Working with compressed files in command line

2015-5-17

Since data stored in plain text format like CSV often occupies huge amount space, the data is often is compressed for transmission and storage.

Because there are often many parameters associated with these commands, I find myself searching the same topic over and over again. Hopefully, this page would be useful for you too.

Compress and Decompress a single file (gzip)

# Compress the file 
gzip testfile.csv
# Gives a testfile.csv.gz

# View the content directly without decompressing
less archive.tar.gz

# Decompress a file 
gzip -d testfile.csv.gz

Less can look within the content of a gzipped file, making it very useful for exploring huge file. {: .notice}

Handling “Big” text file with pipes

Very often, I obtain a database dump with size in terms of multiple gigabytes. Reading the entire file into memroy is not feasible and dumping the data into a database takes some time.

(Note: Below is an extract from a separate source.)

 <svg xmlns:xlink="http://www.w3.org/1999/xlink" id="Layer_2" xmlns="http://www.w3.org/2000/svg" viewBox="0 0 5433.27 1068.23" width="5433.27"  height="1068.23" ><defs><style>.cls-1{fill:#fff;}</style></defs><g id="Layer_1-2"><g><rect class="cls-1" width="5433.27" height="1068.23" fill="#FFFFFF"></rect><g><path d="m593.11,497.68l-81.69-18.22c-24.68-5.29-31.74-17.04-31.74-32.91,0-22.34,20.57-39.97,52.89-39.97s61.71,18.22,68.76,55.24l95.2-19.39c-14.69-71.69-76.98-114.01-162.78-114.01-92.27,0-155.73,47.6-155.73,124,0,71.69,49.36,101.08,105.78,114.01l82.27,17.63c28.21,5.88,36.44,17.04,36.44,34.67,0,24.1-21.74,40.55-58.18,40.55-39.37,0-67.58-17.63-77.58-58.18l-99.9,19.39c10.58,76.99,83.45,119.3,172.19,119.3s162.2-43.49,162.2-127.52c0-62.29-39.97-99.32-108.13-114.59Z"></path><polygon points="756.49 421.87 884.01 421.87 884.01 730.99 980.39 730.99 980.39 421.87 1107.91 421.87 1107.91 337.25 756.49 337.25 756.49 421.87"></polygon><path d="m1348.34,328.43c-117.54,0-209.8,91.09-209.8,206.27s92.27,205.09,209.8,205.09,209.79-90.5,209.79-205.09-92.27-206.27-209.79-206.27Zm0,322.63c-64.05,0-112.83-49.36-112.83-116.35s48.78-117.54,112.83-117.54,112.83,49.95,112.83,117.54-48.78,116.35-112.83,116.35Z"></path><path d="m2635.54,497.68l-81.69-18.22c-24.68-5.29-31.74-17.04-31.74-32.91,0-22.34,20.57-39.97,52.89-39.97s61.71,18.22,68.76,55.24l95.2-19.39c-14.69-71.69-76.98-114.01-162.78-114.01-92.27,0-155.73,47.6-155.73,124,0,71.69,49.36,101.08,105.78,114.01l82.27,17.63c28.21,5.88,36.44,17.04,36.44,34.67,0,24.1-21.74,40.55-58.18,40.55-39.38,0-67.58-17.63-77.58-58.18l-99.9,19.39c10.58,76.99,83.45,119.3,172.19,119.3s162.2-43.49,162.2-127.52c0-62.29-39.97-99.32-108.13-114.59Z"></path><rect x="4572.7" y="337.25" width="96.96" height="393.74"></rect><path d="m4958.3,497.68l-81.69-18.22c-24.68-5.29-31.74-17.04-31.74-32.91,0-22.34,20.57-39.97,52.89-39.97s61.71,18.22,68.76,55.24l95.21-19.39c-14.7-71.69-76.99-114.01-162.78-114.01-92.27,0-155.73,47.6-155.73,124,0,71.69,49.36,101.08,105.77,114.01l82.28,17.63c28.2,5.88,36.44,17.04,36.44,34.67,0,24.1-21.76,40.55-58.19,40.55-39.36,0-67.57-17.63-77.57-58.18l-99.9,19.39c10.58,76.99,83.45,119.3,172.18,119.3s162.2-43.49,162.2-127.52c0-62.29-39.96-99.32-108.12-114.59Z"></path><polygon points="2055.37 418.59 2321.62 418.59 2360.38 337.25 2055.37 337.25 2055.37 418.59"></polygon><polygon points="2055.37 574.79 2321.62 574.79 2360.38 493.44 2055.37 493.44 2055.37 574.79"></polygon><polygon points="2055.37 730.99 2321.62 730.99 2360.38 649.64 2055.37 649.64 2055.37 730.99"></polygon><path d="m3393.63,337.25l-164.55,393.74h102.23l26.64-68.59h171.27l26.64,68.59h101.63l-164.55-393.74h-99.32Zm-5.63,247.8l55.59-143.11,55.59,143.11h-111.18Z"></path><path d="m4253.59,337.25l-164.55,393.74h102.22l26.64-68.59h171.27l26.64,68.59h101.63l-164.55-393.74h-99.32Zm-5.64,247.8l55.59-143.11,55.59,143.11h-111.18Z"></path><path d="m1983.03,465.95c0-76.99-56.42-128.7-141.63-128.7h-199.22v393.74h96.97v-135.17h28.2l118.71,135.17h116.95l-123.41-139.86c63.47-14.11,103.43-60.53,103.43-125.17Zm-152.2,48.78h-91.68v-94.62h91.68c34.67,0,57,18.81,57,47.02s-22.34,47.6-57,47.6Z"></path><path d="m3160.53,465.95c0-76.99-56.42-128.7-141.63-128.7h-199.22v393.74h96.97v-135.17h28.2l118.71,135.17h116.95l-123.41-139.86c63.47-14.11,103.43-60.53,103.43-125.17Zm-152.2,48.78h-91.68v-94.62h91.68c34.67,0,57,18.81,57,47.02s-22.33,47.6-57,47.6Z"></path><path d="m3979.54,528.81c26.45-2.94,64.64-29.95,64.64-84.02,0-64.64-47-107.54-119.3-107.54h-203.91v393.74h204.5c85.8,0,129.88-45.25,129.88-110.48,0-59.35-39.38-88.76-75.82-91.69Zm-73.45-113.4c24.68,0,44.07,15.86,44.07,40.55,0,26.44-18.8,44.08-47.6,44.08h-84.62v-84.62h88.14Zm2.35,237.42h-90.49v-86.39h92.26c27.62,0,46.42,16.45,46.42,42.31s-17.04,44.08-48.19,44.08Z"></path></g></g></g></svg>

Decompressing to standard output allows us to pipe the output to another command for further processing. For example, the following command counts the number of lines in the compressed file.

gzip -dc testfile.csv.gz | wc -l

Create a sample data of the first 10000 lines of the data.

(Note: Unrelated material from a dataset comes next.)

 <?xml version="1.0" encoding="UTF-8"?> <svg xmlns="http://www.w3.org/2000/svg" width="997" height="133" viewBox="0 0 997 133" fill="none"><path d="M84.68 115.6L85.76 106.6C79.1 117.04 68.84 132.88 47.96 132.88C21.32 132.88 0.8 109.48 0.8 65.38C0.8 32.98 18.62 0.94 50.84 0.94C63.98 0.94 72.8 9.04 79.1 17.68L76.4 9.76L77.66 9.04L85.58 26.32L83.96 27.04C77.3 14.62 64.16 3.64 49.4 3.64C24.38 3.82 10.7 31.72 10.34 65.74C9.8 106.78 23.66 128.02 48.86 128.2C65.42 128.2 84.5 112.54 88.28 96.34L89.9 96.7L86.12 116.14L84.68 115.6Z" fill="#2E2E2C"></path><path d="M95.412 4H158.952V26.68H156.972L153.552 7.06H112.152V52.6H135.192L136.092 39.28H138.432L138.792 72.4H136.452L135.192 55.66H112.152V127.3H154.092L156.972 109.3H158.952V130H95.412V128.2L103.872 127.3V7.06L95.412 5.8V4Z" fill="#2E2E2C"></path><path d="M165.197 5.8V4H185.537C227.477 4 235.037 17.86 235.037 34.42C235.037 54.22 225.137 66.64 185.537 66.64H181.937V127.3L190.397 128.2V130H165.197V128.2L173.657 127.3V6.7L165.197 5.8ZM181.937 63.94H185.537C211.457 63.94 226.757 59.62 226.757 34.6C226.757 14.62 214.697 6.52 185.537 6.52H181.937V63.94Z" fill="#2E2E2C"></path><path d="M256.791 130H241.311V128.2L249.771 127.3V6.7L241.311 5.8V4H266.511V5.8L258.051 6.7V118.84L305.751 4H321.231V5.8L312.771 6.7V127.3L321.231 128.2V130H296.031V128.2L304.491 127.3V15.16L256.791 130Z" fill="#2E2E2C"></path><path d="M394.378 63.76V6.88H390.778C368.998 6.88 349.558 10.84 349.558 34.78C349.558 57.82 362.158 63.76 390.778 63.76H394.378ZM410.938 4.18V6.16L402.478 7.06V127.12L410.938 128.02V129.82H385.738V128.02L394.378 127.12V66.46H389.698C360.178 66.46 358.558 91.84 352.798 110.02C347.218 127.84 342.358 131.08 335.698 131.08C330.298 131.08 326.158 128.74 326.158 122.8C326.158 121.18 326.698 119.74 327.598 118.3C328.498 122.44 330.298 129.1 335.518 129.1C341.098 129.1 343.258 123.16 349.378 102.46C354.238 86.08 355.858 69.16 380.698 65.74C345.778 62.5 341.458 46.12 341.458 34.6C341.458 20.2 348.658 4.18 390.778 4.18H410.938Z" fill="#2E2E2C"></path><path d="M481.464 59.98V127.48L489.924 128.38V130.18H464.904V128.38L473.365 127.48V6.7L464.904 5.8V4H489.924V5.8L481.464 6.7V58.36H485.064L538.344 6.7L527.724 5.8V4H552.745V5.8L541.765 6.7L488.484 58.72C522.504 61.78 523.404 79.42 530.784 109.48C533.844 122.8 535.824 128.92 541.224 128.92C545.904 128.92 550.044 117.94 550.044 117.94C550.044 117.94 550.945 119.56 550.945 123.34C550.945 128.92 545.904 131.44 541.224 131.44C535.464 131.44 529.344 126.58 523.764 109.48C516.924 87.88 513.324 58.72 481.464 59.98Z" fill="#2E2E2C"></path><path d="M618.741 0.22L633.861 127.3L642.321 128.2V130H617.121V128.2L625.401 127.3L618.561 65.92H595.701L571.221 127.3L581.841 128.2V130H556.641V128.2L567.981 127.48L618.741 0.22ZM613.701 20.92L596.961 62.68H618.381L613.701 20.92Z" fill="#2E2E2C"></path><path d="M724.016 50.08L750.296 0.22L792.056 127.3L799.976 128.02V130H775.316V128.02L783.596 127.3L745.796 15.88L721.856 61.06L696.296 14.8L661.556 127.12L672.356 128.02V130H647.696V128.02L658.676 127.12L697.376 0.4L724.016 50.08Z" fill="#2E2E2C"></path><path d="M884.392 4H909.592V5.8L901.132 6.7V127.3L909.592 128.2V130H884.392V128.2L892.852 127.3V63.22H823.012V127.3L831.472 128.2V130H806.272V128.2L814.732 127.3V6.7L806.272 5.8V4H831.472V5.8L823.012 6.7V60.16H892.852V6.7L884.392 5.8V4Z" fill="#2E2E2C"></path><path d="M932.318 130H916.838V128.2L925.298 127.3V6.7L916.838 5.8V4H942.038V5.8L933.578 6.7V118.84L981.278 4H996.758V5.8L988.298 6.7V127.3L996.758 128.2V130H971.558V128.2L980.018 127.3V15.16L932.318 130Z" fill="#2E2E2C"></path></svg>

gzip -dc testfile.csv.gz | head -n10000 > output.csv

zcat can also print the content to standard output. {: .notice}

Compress and Decompress an archive

To uncompress a zip file,

# extract
tar -zxvf archive.tar.gz
# list the files
tar -ztvf archive.tar.gz
# This will also list the file.
less archive.tar.gz

To compress a directory or a list of files,

# zip the files
tar -zcvf